A. Droits du conjoint survivant en concours avec ses beaux-parents

Dans cette situation, l’article 757-1 détermine les droits du conjoint survivant en distinguant deux situations :
- si le défunt laisse son père et sa mère, le conjoint survivant recueille la moitié des biens. L’autre moitié est dévolue pour un quart au père et pour un quart à la mère.
- si le défunt laisse son père ou sa mère, la part dévolu au parent prédécédé revient au conjoint survivant.

B. Droits du conjoint survivant en l’absence des parents du défunt

Si les père et mère du défunt sont prédécédés, le conjoint recueille, en principe, l’intégralité de la succession, même si le défunt avait des frères et sœurs ou des neveux et nièces.

 

§ 3. Le droit au logement du conjoint survivant

Le conjoint survivant bénéficie de deux types de droits sur son logement, s’il occupe effectivement, à l’époque du décès, à titre d’habitation principale, un logement appartenant aux époux ou au défunt.
Il est indifférent que les époux vivent séparément.

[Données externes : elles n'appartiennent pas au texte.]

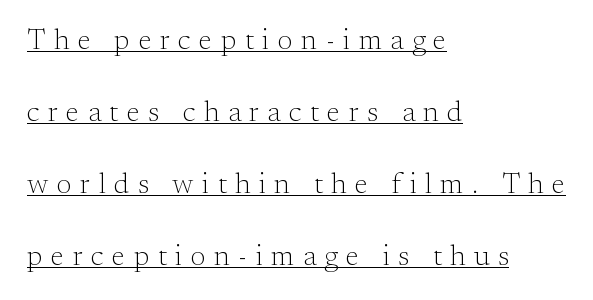
No heavy texture on the line: the type isn't bold. Does the type have serifs? Yes, each stem ends in a small foot. Note the varied advance widths — an 'i' is clearly narrower than an 'm'. The leading is generous, giving the passage an open texture.
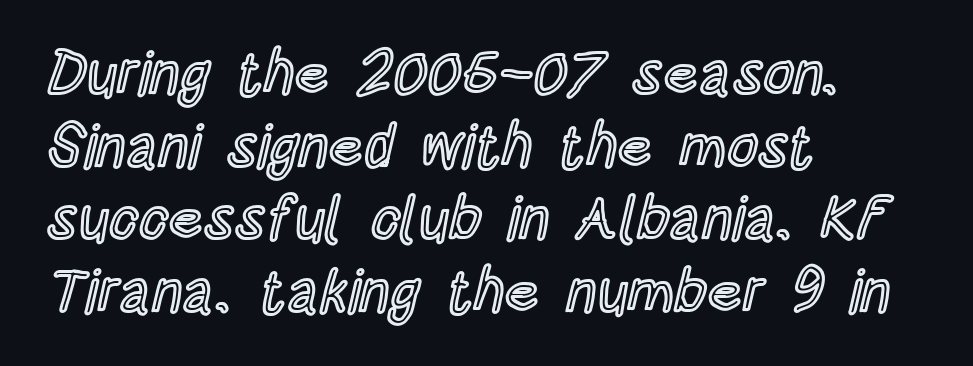
{"width": "condensed", "x_height": "large", "monospaced": "no", "underline": "no", "align": "left", "line_spacing_ratio": 1.21, "letter_spacing": "normal", "letter_spacing_em": 0.0, "glyph_px": 60}
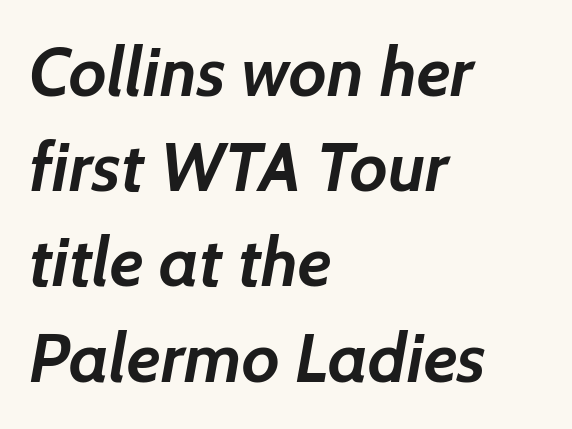
{"serif": "no", "bold": "yes", "weight": "semibold", "width": "normal", "stroke_contrast": "low", "x_height": "medium", "monospaced": "no", "underline": "no", "align": "left", "line_spacing": "normal", "line_spacing_ratio": 1.38, "letter_spacing": "normal", "letter_spacing_em": 0.0, "glyph_px": 69}
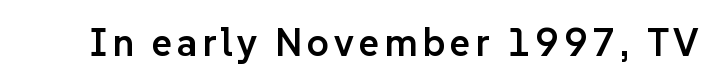
Q: Is the text bold? A: Semi-bold.
Q: Is the text italic (slanted)? A: No, it is upright.
Q: Is the typeface a serif or a sans-serif typeface? A: Sans-serif.
Q: Is the text underlined? A: No.
Q: Width (condensed, normal, or wide)? A: Normal.
Q: Stroke contrast? A: Low.
Q: x-height? A: Medium.
Q: Monospaced? A: No.
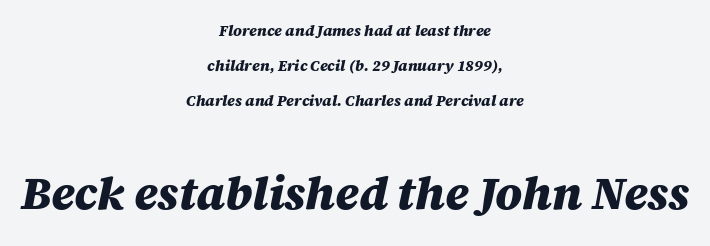
If you folded the block vertically in half, each line would mirror itself in length. Would a proofreader flag this as italicized? Yes. Quick note: underline off. You could call the tracking neutral — neither tight nor loose. The passage shown is typed in a proportional face where columns would drift. Which of the two is more prominent by size? The second, at the bottom.
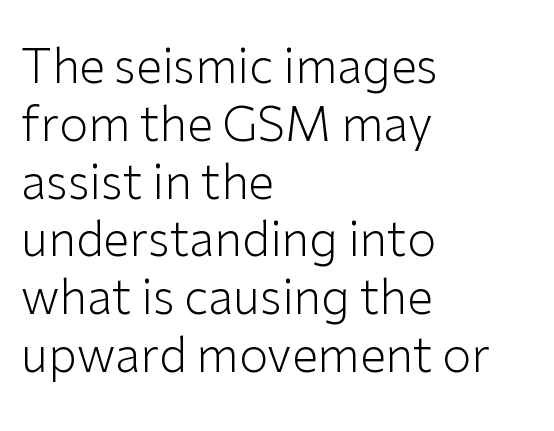
Q: Is the text bold? A: No.
Q: Is the text italic (slanted)? A: No, it is upright.
Q: Is the typeface a serif or a sans-serif typeface? A: Sans-serif.
Q: Is the text underlined? A: No.
Q: How is the paragraph aligned? A: Left-aligned.
Q: Is the spacing between letters normal or unusually wide? A: Normal.
Q: Width (condensed, normal, or wide)? A: Normal.
Q: Stroke contrast? A: Low.
Q: x-height? A: Medium.
Q: Monospaced? A: No.
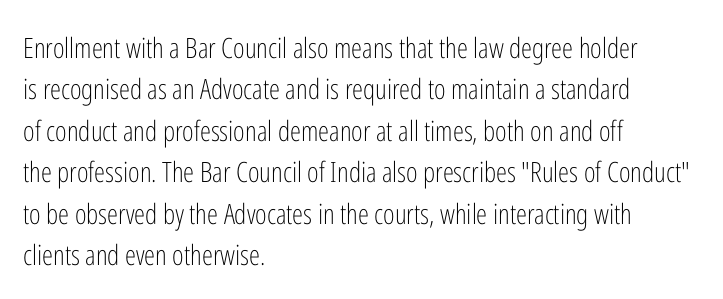
The image shows 28 px light, condensed sans-serif type, upright; set left-aligned, normal line spacing (1.48x), normal letter spacing, not underlined; low stroke contrast and a medium x-height.
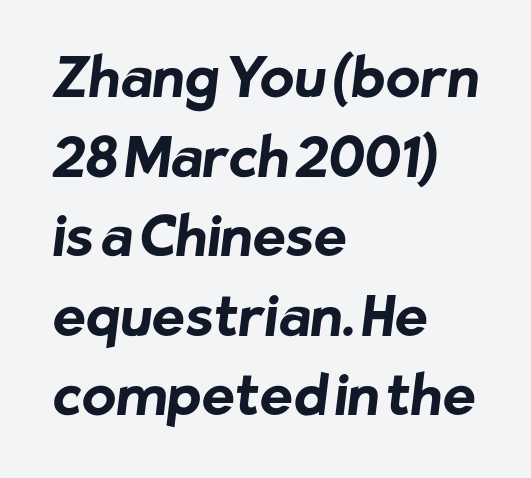
The image shows 56 px bold sans-serif type; set left-aligned, normal line spacing (1.42x), normal letter spacing, not underlined; low stroke contrast and a medium x-height.
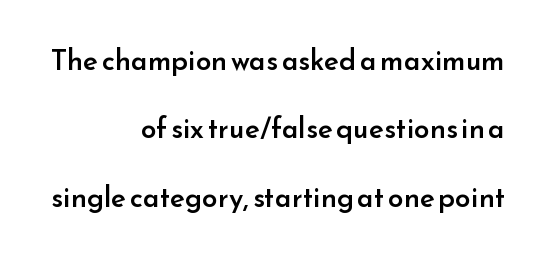
Unlike a traditional serif, this face leaves its strokes unadorned. This is the in-between weight designers call semibold or demi. Reading down the block, your eye finds every line finishing at a fixed right position. A great deal of white space separates one row of letters from the next.
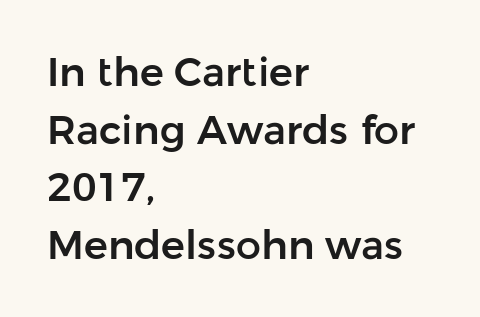
Q: Is the text italic (slanted)? A: No, it is upright.
Q: Is the typeface a serif or a sans-serif typeface? A: Sans-serif.
Q: Is the text underlined? A: No.
Q: How is the paragraph aligned? A: Left-aligned.
Q: Is the spacing between letters normal or unusually wide? A: Normal.
Q: Is the spacing between lines tight, normal or loose? A: Normal.
Q: Width (condensed, normal, or wide)? A: Normal.
Q: Stroke contrast? A: Low.
Q: x-height? A: Medium.
Q: Monospaced? A: No.
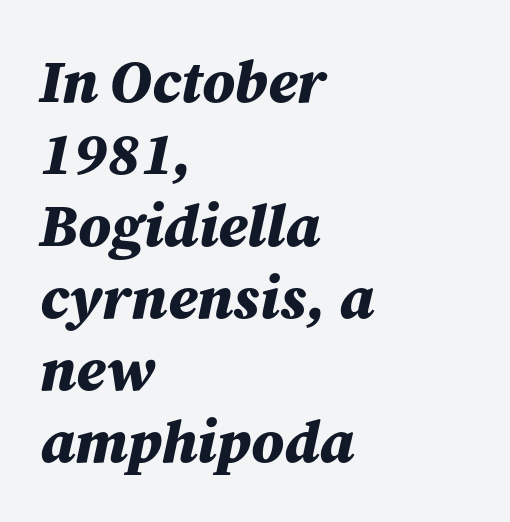
A classic flush-left, rag-right setting is used for this passage. I'd describe the lettering as bold — thick and assertive. The passage shown has conventional tracking throughout. This is oblique type, the kind used for emphasis or titles.
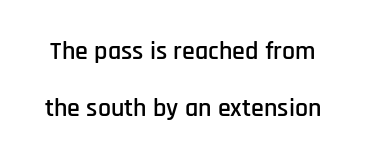
Q: Is the text italic (slanted)? A: No, it is upright.
Q: Is the text underlined? A: No.
Q: Is the spacing between letters normal or unusually wide? A: Normal.
Q: Is the spacing between lines tight, normal or loose? A: Loose.
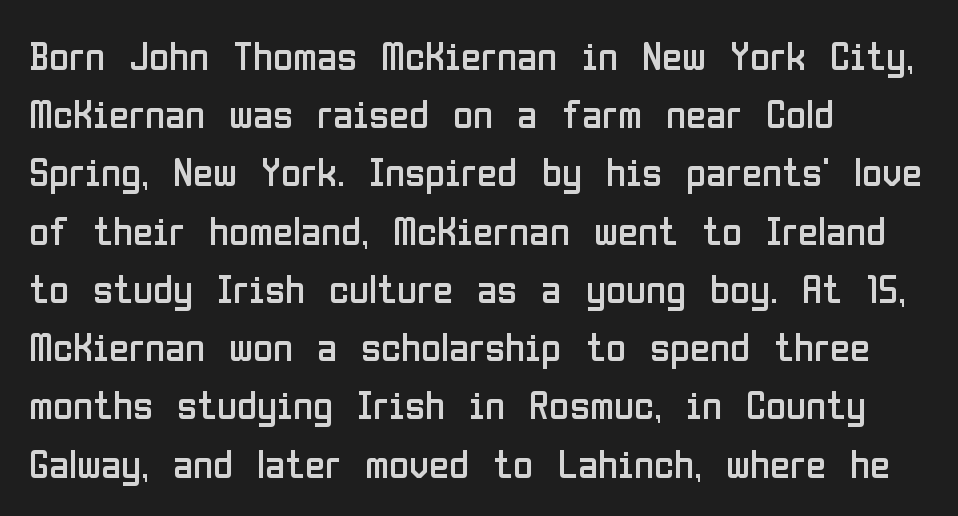
Compared with typical body copy, the letter spacing here is the same. Regarding serifs, this sample does without them. The typesetting does not lean heavy: it is not bold. The area under the type is left untouched. The rag falls on the right side of this text block. Think of a printed novel: that variable character pitch is what you see here.
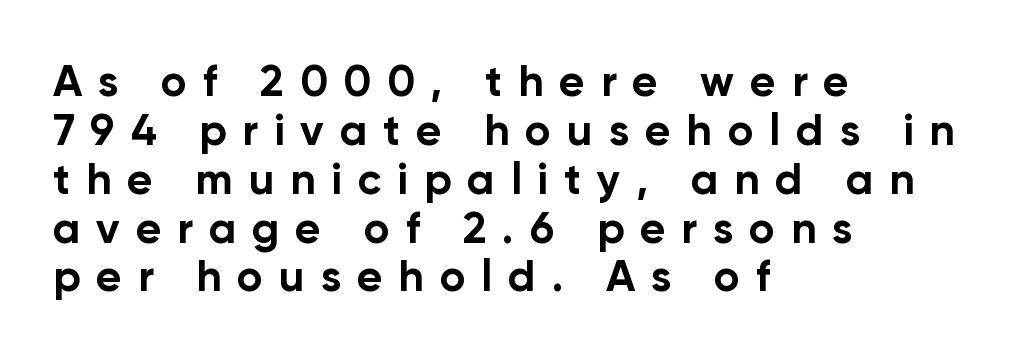
{"serif": "no", "italic": "no", "bold": "yes", "weight": "bold", "width": "normal", "stroke_contrast": "low", "x_height": "medium", "monospaced": "no", "underline": "no", "align": "left", "line_spacing": "tight", "line_spacing_ratio": 1.11, "letter_spacing": "wide", "letter_spacing_em": 0.36, "glyph_px": 44}
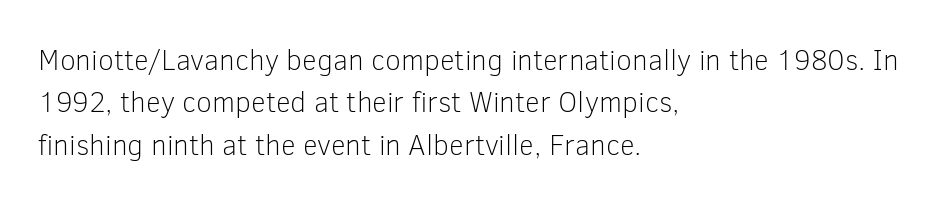
The image shows 29 px light sans-serif type, upright; set left-aligned, normal line spacing (1.46x), normal letter spacing, not underlined; low stroke contrast and a medium x-height.
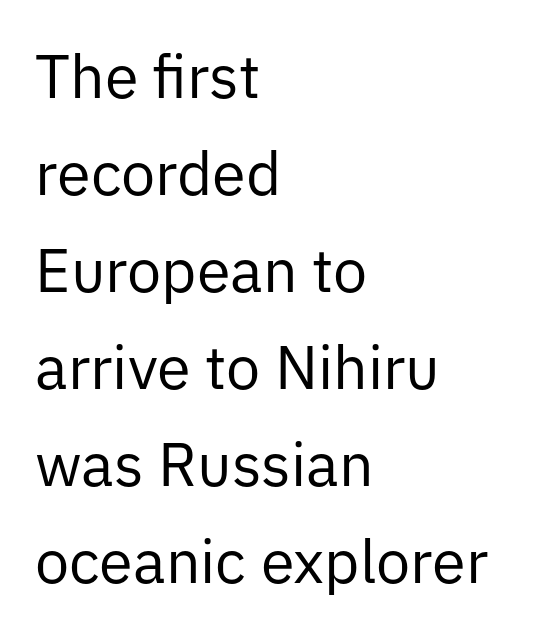
Q: Is the text bold? A: No.
Q: Is the text italic (slanted)? A: No, it is upright.
Q: Is the typeface a serif or a sans-serif typeface? A: Sans-serif.
Q: Is the text underlined? A: No.
Q: How is the paragraph aligned? A: Left-aligned.
Q: Is the spacing between letters normal or unusually wide? A: Normal.
Q: Is the spacing between lines tight, normal or loose? A: Normal.
Q: Width (condensed, normal, or wide)? A: Normal.
Q: Stroke contrast? A: Low.
Q: x-height? A: Medium.
Q: Monospaced? A: No.
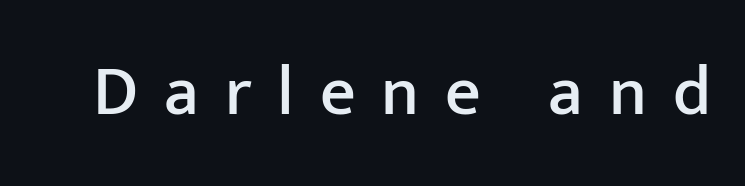
Proportional: the letters do not fall into vertical columns. Notice how the stems are strictly vertical — no italics here. The passage shown is typeset with a sans-serif family. The rendering inserts visible extra space after every character.
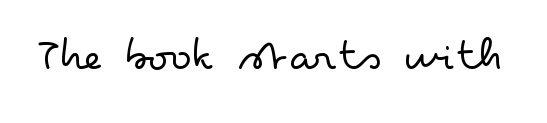
Q: Is the text bold? A: No.
Q: Is the text italic (slanted)? A: No, it is upright.
Q: Is the typeface a serif or a sans-serif typeface? A: Sans-serif.
Q: Is the text underlined? A: No.
Q: Is the spacing between letters normal or unusually wide? A: Normal.
Q: Width (condensed, normal, or wide)? A: Wide.
Q: Stroke contrast? A: Low.
Q: x-height? A: Small.
Q: Monospaced? A: No.
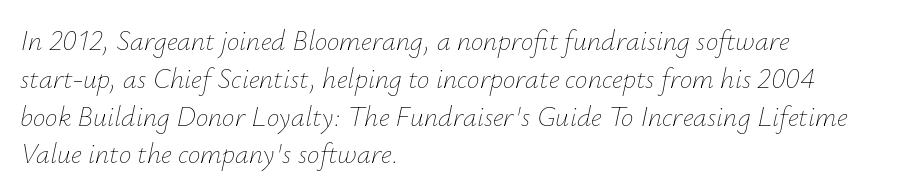
Casual observation: everything's shoved over to the left. The specimen reads as italic at a glance. The font sits on the lighter half of the weight spectrum, regular included. Is this a fixed-width face? No — the glyphs have proportional, varying widths. Honestly, the letter spacing is just normal — you wouldn't notice it. Nobody drew a line under any word here.
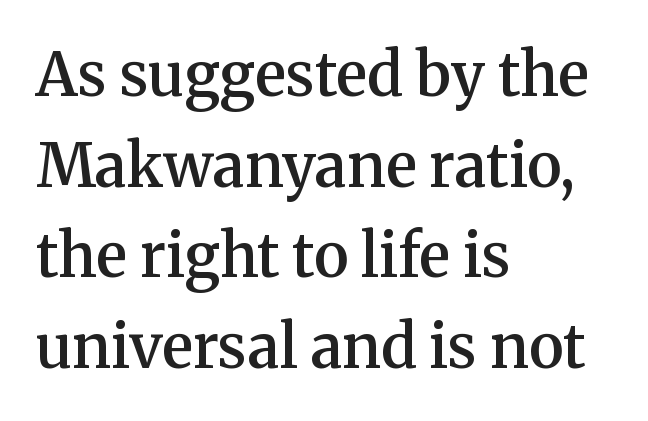
Q: Is the text bold? A: Semi-bold.
Q: Is the text italic (slanted)? A: No, it is upright.
Q: Is the typeface a serif or a sans-serif typeface? A: Serif.
Q: Is the text underlined? A: No.
Q: How is the paragraph aligned? A: Left-aligned.
Q: Is the spacing between letters normal or unusually wide? A: Normal.
Q: Is the spacing between lines tight, normal or loose? A: Normal.
Q: Width (condensed, normal, or wide)? A: Normal.
Q: Stroke contrast? A: Medium.
Q: x-height? A: Medium.
Q: Monospaced? A: No.
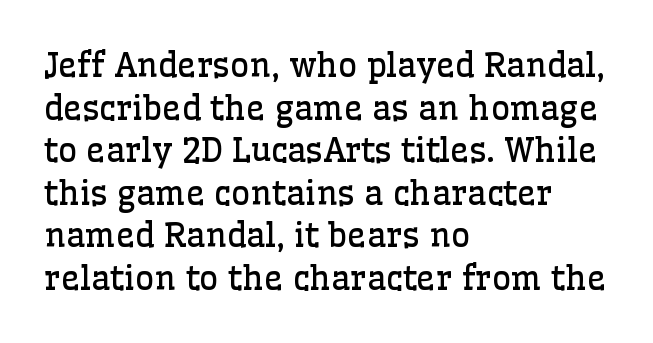
The image shows 33 px regular-weight serif type, upright; set left-aligned, normal line spacing (1.29x), normal letter spacing, not underlined; low stroke contrast and a medium x-height.
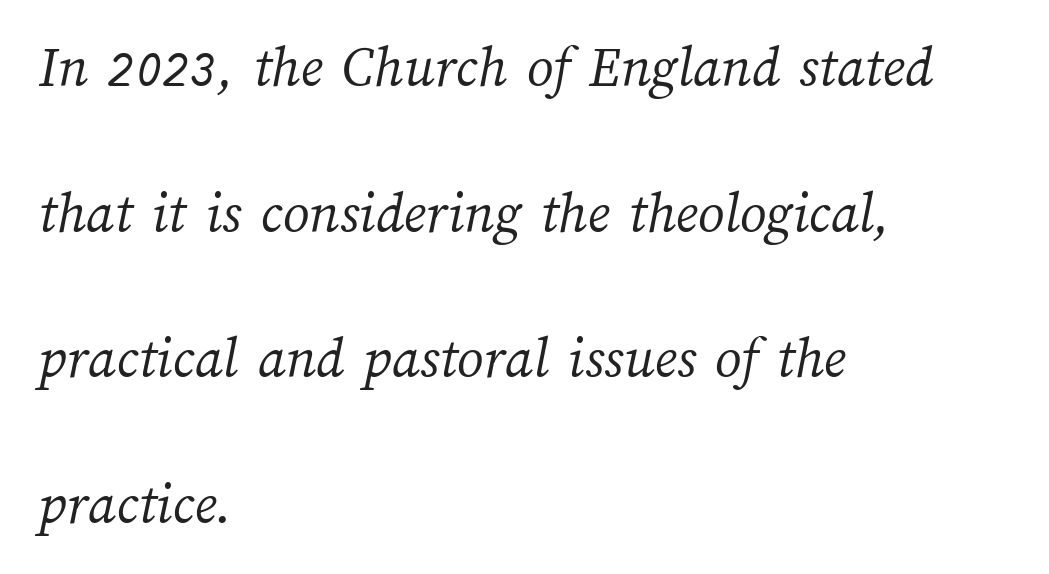
Q: Is the text bold? A: No.
Q: Is the text underlined? A: No.
Q: How is the paragraph aligned? A: Left-aligned.
Q: Is the spacing between letters normal or unusually wide? A: Normal.
Q: Is the spacing between lines tight, normal or loose? A: Loose.
Q: Width (condensed, normal, or wide)? A: Normal.
Q: Stroke contrast? A: Medium.
Q: x-height? A: Medium.
Q: Monospaced? A: No.
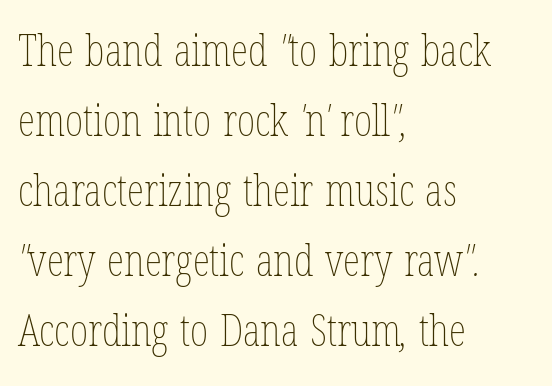
The image shows 44 px thin, condensed type; set left-aligned, normal line spacing (1.59x), normal letter spacing, not underlined; low stroke contrast and a medium x-height.
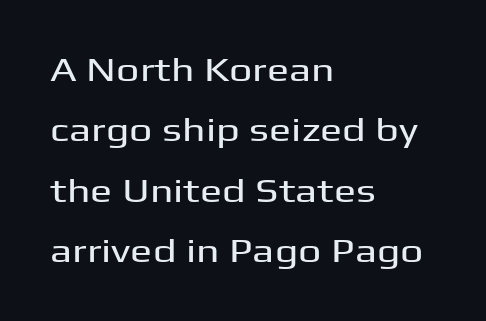
Varying glyph widths throughout — classic text-font behaviour. One-word summary of the alignment: left. These lines are composed in type without serifs. The string is rendered with underlining switched off.
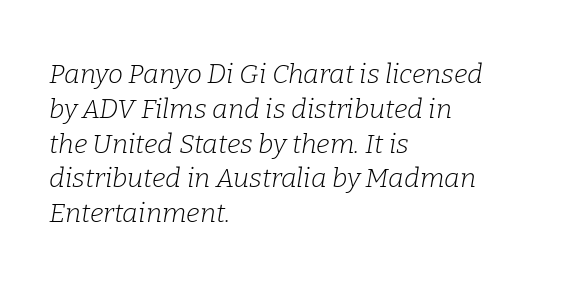
{"italic": "yes", "lean": "right", "slant_degrees": 9, "bold": "no", "underline": "no", "align": "left", "line_spacing": "normal", "line_spacing_ratio": 1.29, "letter_spacing": "normal", "letter_spacing_em": 0.0, "glyph_px": 27}
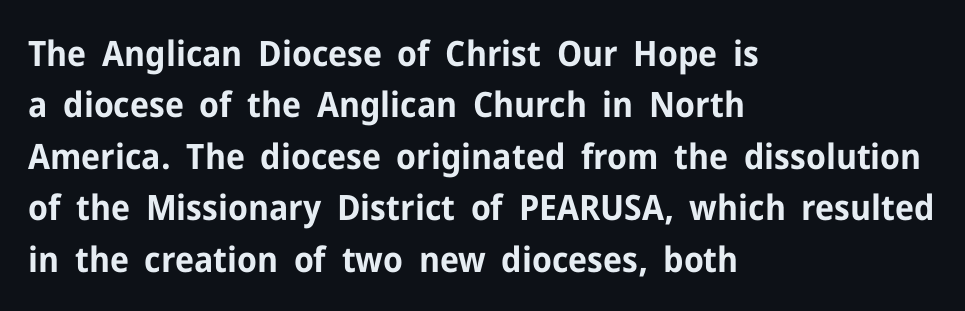
The line texture is even and compact thanks to regular tracking. A typesetter would mark this as roman, not italic. Looks like regular typesetting: each glyph gets only the width it needs. The designer left line spacing at the default. Set as a true bold cut, around the 700 mark. Plain, unruled lines of type.
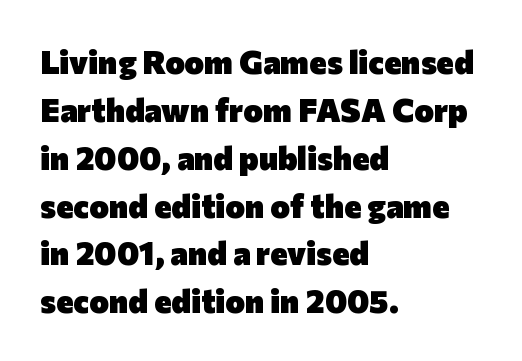
{"serif": "no", "italic": "no", "bold": "yes", "weight": "heavy", "width": "normal", "stroke_contrast": "low", "x_height": "medium", "monospaced": "no", "underline": "no", "align": "left", "line_spacing": "normal", "line_spacing_ratio": 1.45, "letter_spacing": "normal", "letter_spacing_em": 0.0, "glyph_px": 33}

A. Le droit temporaire au logement

L’article 763 du Code civil permet au conjoint de survivant de bénéficier de la jouissance gratuite du logement qui constituait sa résidence principale durant une année à compter du décès. Il en bénéficie de plein droit sans avoir à en faire la demande.

Ce droit est un effet direct du mariage, il ne s’agit pas d’un droit successoral.

L’alinéa 2 de l’article 763 prévoit le cas où les époux sont locataires. Dans cette situation, les loyers seront remboursés au conjoint survivant par la succession pendant l’année, au fur et à mesure de leur acquittement.

B. Le droit viager au logement

C’est un droit d’usage et d’habitation qui s’exerce jusqu’au décès du conjoint survivant. Il se décompose en un droit d’habitation sur le logement et un droit d’usage sur le mobilier le garnissant.
A la différence du droit temporaire au logement :
- le conjoint doit accepter la succession pour bénéficier du droit viager. Ce droit viendra diminuer ses droits successoraux.
- le droit viager ne s’exerce pas de plein droit, le conjoint doit donc en faire la demande et ceci dans un délai d’un an à compter du décès. Ce délai lui permet de bénéficier du droit temporaire et d’y faire succéder immédiatement le droit viager.